Guimauves à la violette de la rentrée : quelques grammes de douceur…

Je n’ai jamais été très portée sur les bonbons ou autres friandises. Mais s’il y en a bien une qui m’a fait changer d’avis cet été, le temps de notre ascension vers Val Thorens, c’est Mercotte. Quelques petites douceurs nous ont accompagnés dans la voiture et sont venues se greffer jusqu’au petit-déjeuner du lendemain. Les guimauves à la vanille de Mercotte sont alors devenues ma nouvelle lubie culinaire.

Jusqu’ici pourtant, les guimauves se résumaient pour moi à ces chamallows bien connus qui ont le grand inconvénient de se glisser souvent jusqu’à nos bureaux. Ce qui a pour effet de déclencher chez moi un réflexe quasi-compulsif de pioche intensive dans les petits sachets, alors que je ne les apprécie pas vraiment. Depuis cet été, je me suis rendue compte à quel point les guimauves faites maison pouvaient être irrésistibles.

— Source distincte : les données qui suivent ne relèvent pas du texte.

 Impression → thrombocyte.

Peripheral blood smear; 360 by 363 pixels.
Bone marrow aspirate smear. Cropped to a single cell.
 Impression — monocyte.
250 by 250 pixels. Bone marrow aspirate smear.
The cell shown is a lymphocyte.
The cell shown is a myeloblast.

Donc de retour à la maison, après Val Thorens, j’ai commencé à réfléchir à tous les parfums que je pourrais associer à ces petits cubes tout doux. Et pour une première, j’ai choisi un excellent sirop de violette que je trouve sur le marché près de chez moi. Résultat réussi tant au niveau de cette couleur parme charmante qu’en texture. Avec cette touche florale élégante qui va bien. Ces guimauves sont une excellente idée pour les paniers gourmands de Noël je trouve. En tout cas, pour cette rentrée un peu rock’n’roll, elles font merveille pour apporter un peu de légèreté dans mon quotidien rythmé !

Depuis, j’ai vu une autre recette de guimauve fleurir ici, je pense donc très vite retenter l’expérience, d’autant que j’ai une liste immense de parfums que j’aimerais tester !

Guimauves à la violette

Pour 60 guimauves et quelques-unes mangées en route…

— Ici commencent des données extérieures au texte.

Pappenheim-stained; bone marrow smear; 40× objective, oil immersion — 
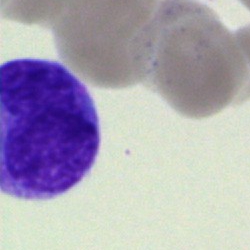

Q: What is the morphological classification of this cell?
A: This is an unidentifiable cell.
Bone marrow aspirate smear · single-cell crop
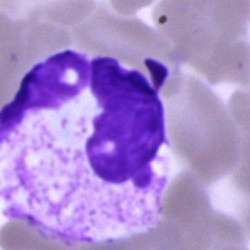
A neutrophil (segmented).
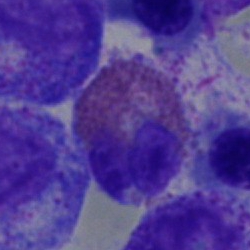 {"cell_type": "eosinophilic granulocyte"}
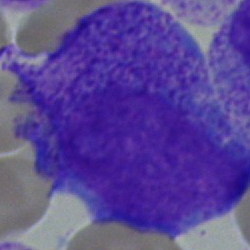
Specimen: bone marrow smear.
Cell type: promyelocyte.
Lineage: myeloid.

90g de blancs d’oeufs (soit environ 3 blancs, cela dépend de leur grosseur)

235g de sucre en poudre

75g d’eau

15g de miel neutre (acacia)

6 feuilles de gélatine (12g – 5 feuilles et demi ont suffi chez moi, c’est tout ce qu’il me restait !)

3 cs rases de sucre glace

3 cs rases de fécule de pomme de terre

5 cl du sirop de votre choix (ici, violette)

1.Préparer le moule : huiler un rectangle en inox légèrement sur les bords, le poser bien à plat sur un tapis en silicone, lui-même dans une plaque à pâtisserie. Tamiser le sucre glace et la fécule et poudrer le fond du rectangle. Mettre les feuilles de gélatine dans un grand bol d’eau froide.

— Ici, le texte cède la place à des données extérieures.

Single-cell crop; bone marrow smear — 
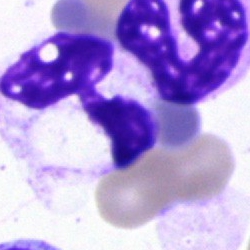
Cell = polymorphonuclear neutrophil.
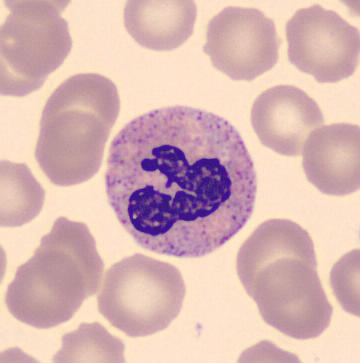 Cell type = neutrophil (segmented).
May-Grünwald-Giemsa-stained. Peripheral blood smear.

2. Préparer les blancs, les monter lentement en neige au robot jusqu’à ce qu’ils soient « en bec d’oiseau ». Pendant ce temps, préparer le sucre cuit : mélanger le sucre, l’eau et le miel et porter à ébullition sans retoucher le mélange. Lorsque le mélange atteint 115°C (Mercotte dit 130°C mais j’ai arrêté avant, j’avais trop peur de faire du caramel…), verser le sucre cuit en filet sur les blancs en neige, incorporer les feuilles de gélatine essorées, et le sirop de violette. Continuer à laisser tourner le robot jusqu’à ce que le mélange refroidisse vers 40°C.

3. Couler le mélange dans le rectangle poudré et lisser rapidement (plus le mélange refroidit et moins il est facile à manier). Poudrer le tout et laisser sécher plusieurs heures.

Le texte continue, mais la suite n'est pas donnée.